Oui, pour financer le fameux Plan 9 From Outer Space (1959), considéré comme le film le plus nul de toute l'histoire du cinéma (à égalité avec Turkish Star Wars), Ed Wood fera appel aux financements d'une étrange secte. Bref autant de petites historiettes qui pourront provoquer un rictus imbécile. Pourtant, à aucun moment, Tim Burton ne s'ébaudit de son protagoniste principal. A contrario, il établit une curieuse juxtaposition entre la biographie de ce fanfaron et sa propre trajectoire personnelle.
Il suffit de regarder la relation qui se tisse entre Ed Wood et son acteur fétiche, Bela Lugosi, pour s'en rendre compte. Tim Burton effectue un parallèle entre cette longue amitié et la fascination qu'il portait lui-même pour l'immense Vincent Price. Mais Ed Wood, c'est aussi une façon de concevoir le cinéma. Le Septième Art doit rester fidèle à ses préceptes et ne pas céder à la tentation de la couleur ou d'un marché rentable et mercantile.

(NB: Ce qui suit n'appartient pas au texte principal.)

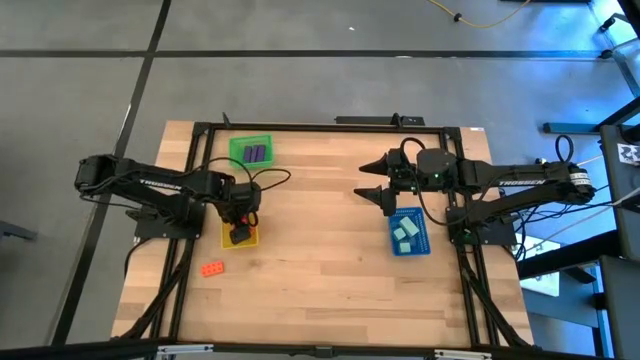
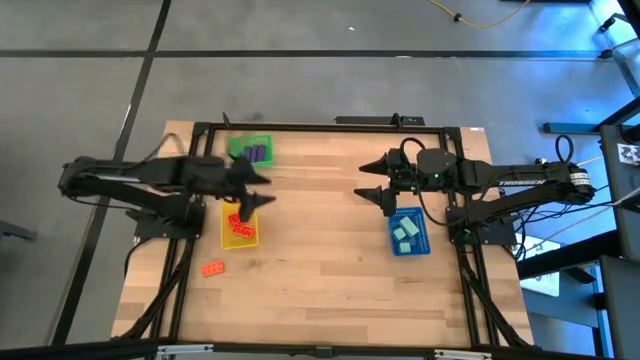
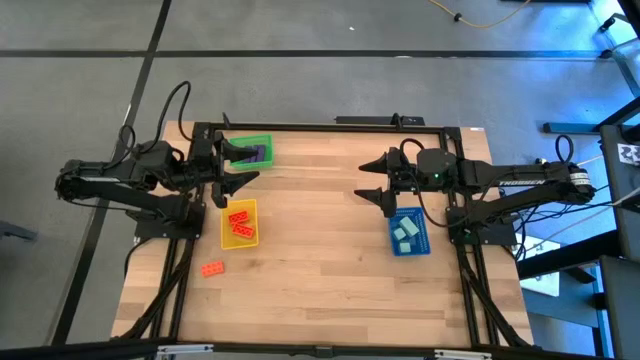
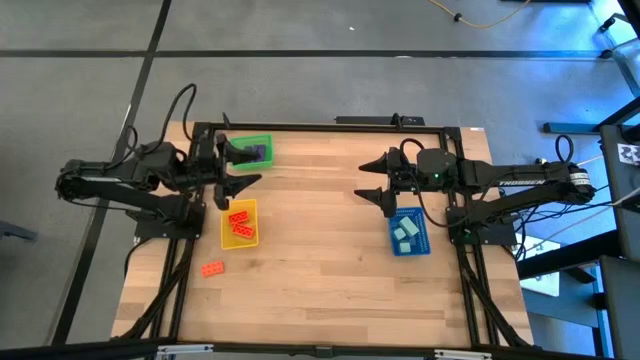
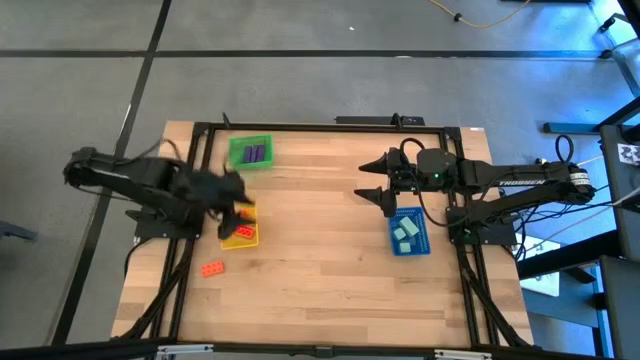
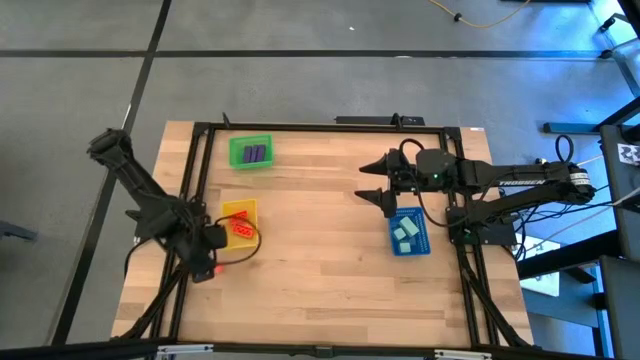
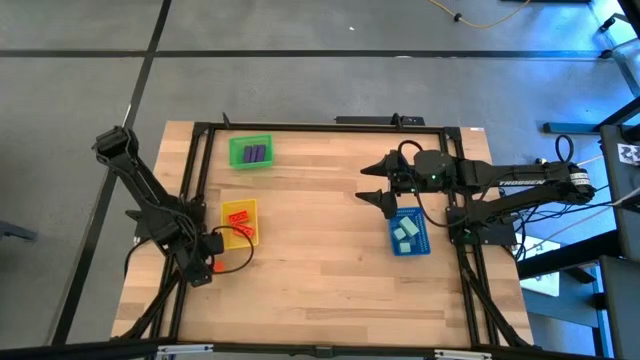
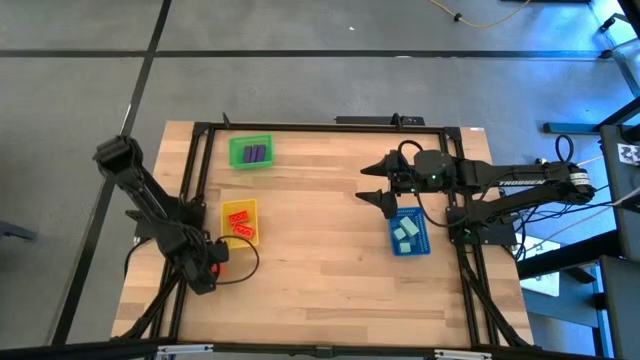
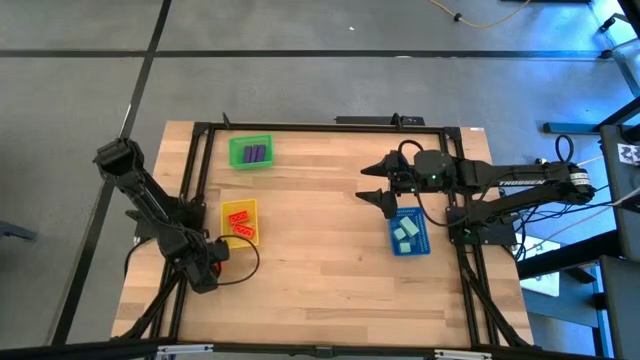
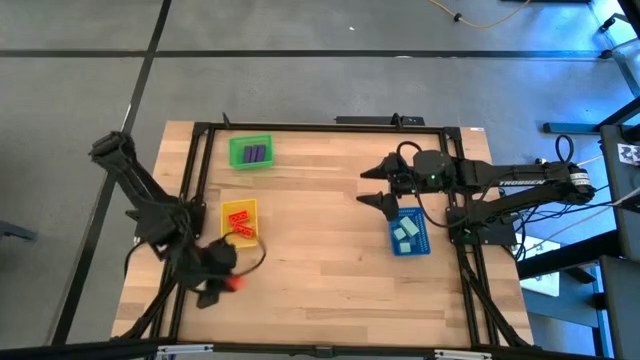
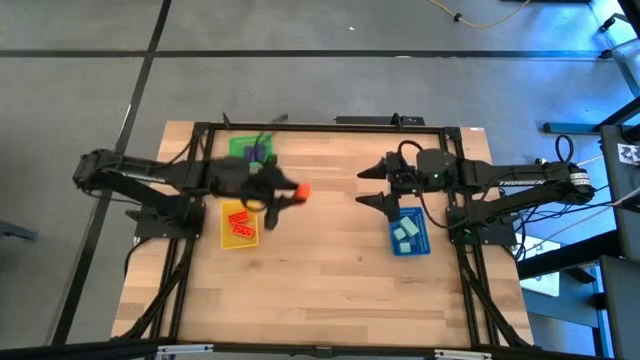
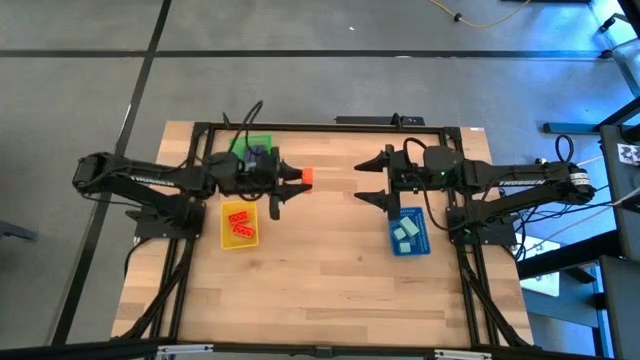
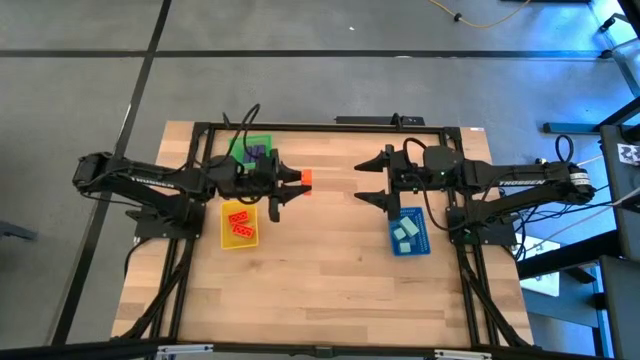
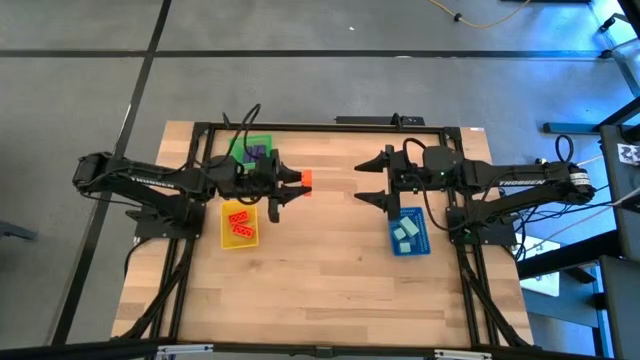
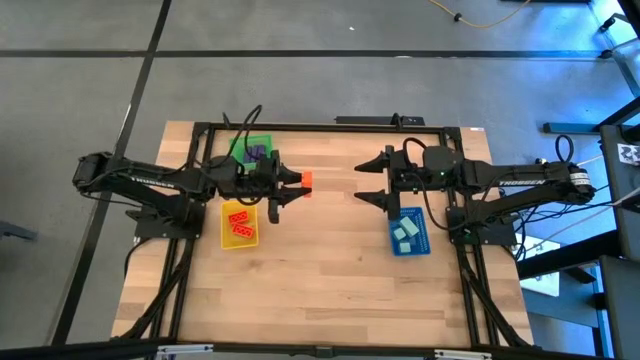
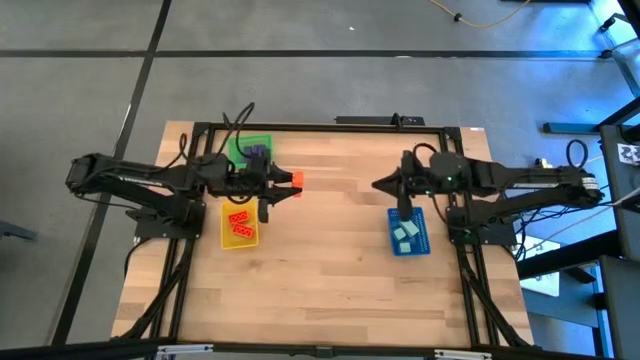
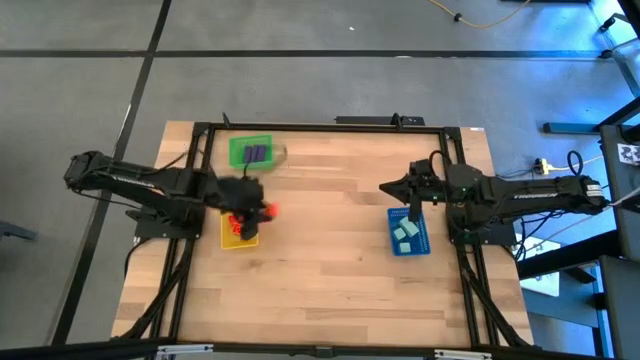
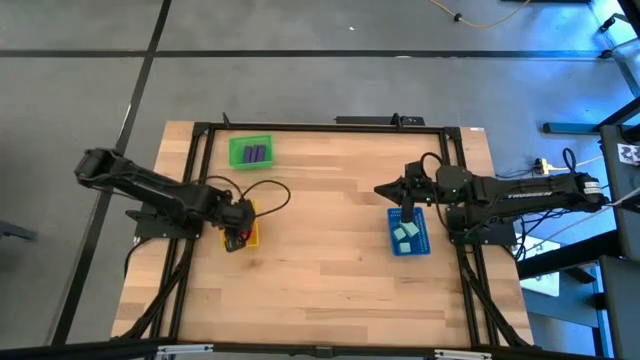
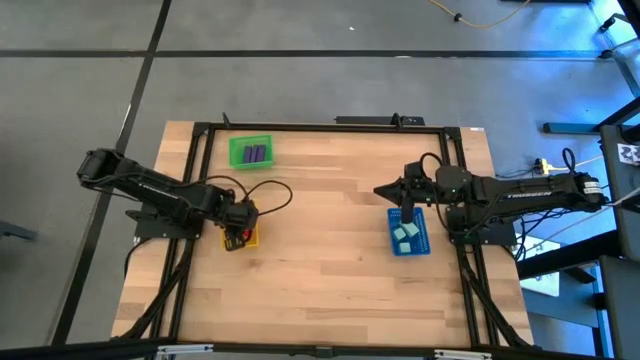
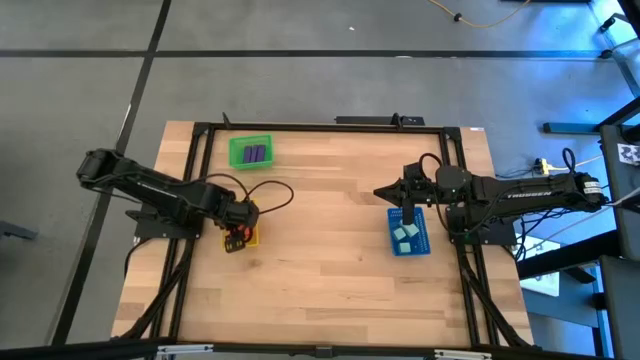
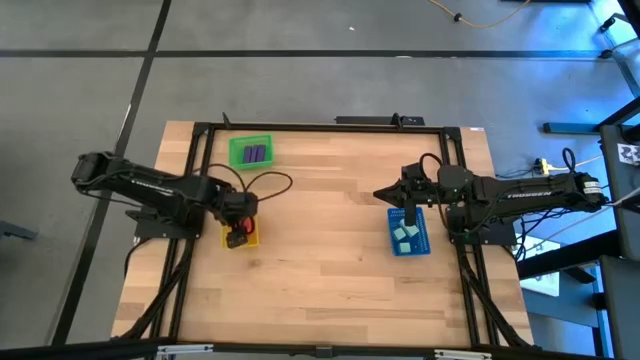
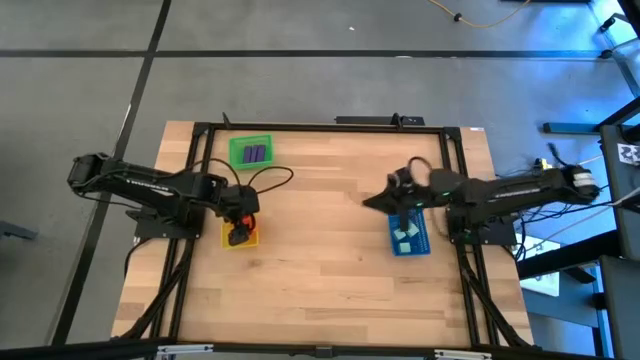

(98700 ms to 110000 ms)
Task: Sort & place blocks by color
Put the game piece into the yellow bin

C'est probablement pour cette raison que Tim Burton choisit de tourner son biopic en noir et blanc. Le long-métrage se centre largement sur le tournage de Plan 9 From Outer Space (déjà précité). Cette série Z famélique résume à elle seule l'univers fantasque de ce réalisateur. Une invasion d'extraterrestres puis de zombies ?
Les macchabées ne sont que trois ou quatre protagonistes à l'écran. Quant aux soucoupes volantes, elles sont maladroitement activées par des ficelles et des techniciens avinés. Hormis Ed Wood lui-même, le film s'apparente à une longue iconographie sur la figure de Bela Lugosi, un acteur héroïnomane et proche de la déchéance. Sous ses faux airs de comédie goguenarde, Ed Wood est un film qui aborde de nombreuses thématiques : la mort, le deuil, l'amitié et l'oubli.
Plus que jamais, ce biopic s'apparente à une sorte de miroir, à ce qui semble effaroucher Ed Wood depuis qu'il est sous le feu des projecteurs : son propre glas et son éventuelle postérité. Certes, au moment de sa sortie, le long-métrage essuiera un véritable camouflet. Pourtant, on tient probablement là le ou l'un des meilleurs crus de Tim Burton, en tout cas le plus probe, le plus personnel et le plus sincère, à l'image finalement de son principal protagoniste.